92

All right, first sample from the new batch from Teavivre. Thanks again, Angel!

This is also my first Dragonwell, so I’m a bit excited to finally get to try it out. I put about four grams of tea in my tea ball. The instructions said to use more, but that was also to make 8 oz. of tea, whereas my mug only holds 6. Anyway, I steeped the leaves for one minute in 175 degree water, and the results were great. It has a very smooth texture, like the aftertaste of a Wuyi Oolong, which seems to coat the tongue and hard palate. The tea also has a delightfully nutty flavor which reminds me a bit of Hojicha, but it’s not as strong and taste more refined. Definitely a great way to start off the weekend.

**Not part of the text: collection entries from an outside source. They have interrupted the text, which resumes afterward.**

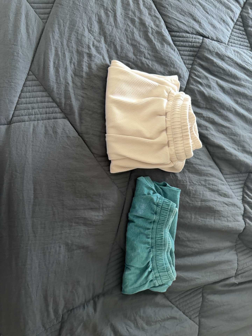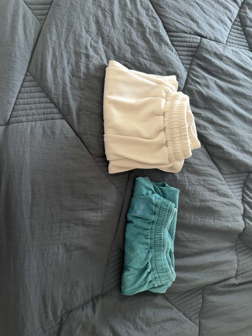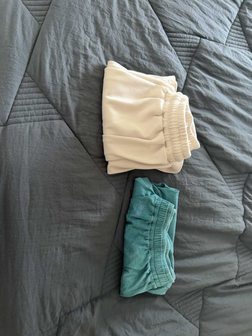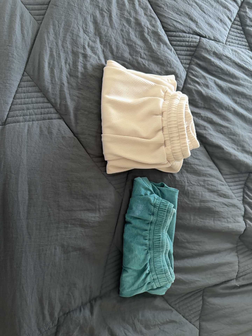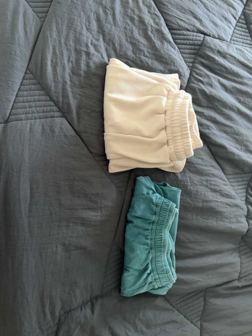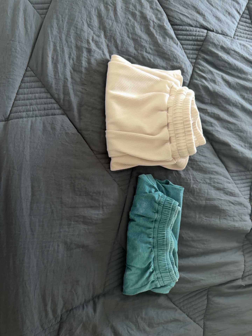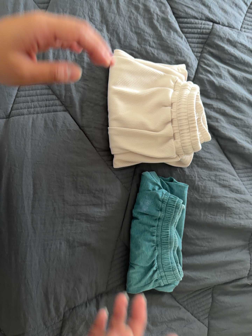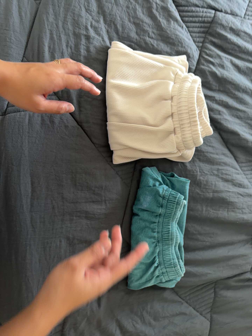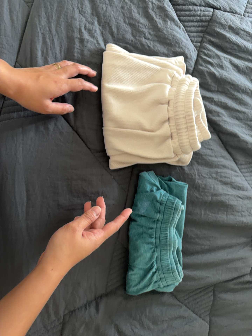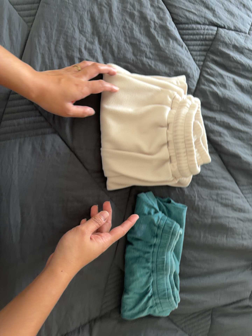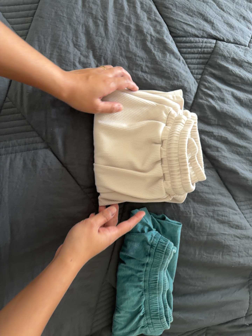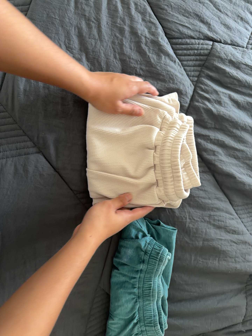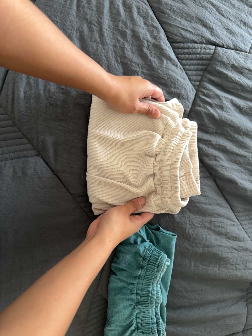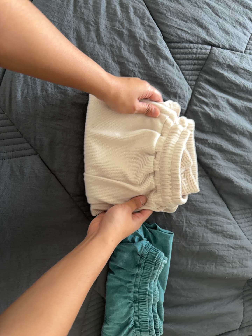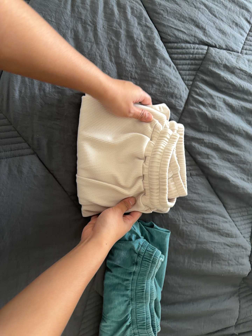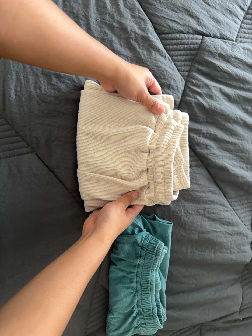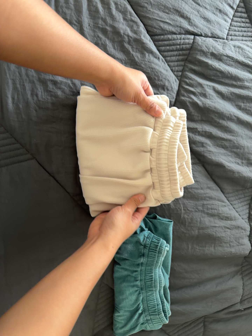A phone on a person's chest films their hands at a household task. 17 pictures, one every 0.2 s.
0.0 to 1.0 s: The camera shifts only a little, or ends up much as it began.
1.0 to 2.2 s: The camera travels toward the top of its view and to its right, about 14 cm, so close, fixed things drift downward.
2.2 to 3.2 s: The camera shifts only a little, or ends up much as it began.
The film runs backward here.

Alright, second infusion, same preparation as before. The only real difference is that it has lost a bit of the mineral smoothness, which, while disappointing, does not really affect the taste too much. It is, however, a bit unfortunate, because it seems that I won’t get all that many infusions out of this tea.

Preparation
175 °F / 79 °C
Jim Marks

dragon well is roasted very early during processing and that is what brings the oolong or hojicha type flavor along. I find that really excellent dragon well leaf is the closest chinese style green to the japanese style green — which is odd because the processing is so radically different, but the flavors end up a log more the same.

Joshua Smith

I agree completely. It’s not exactly the same, but it’s closer to Sencha than other Chinese greens, especially how it looks. It is certainly a very interesting experience.

unfeasible

That is exactly what I thought of this dragonwell too! Interesting how that happens.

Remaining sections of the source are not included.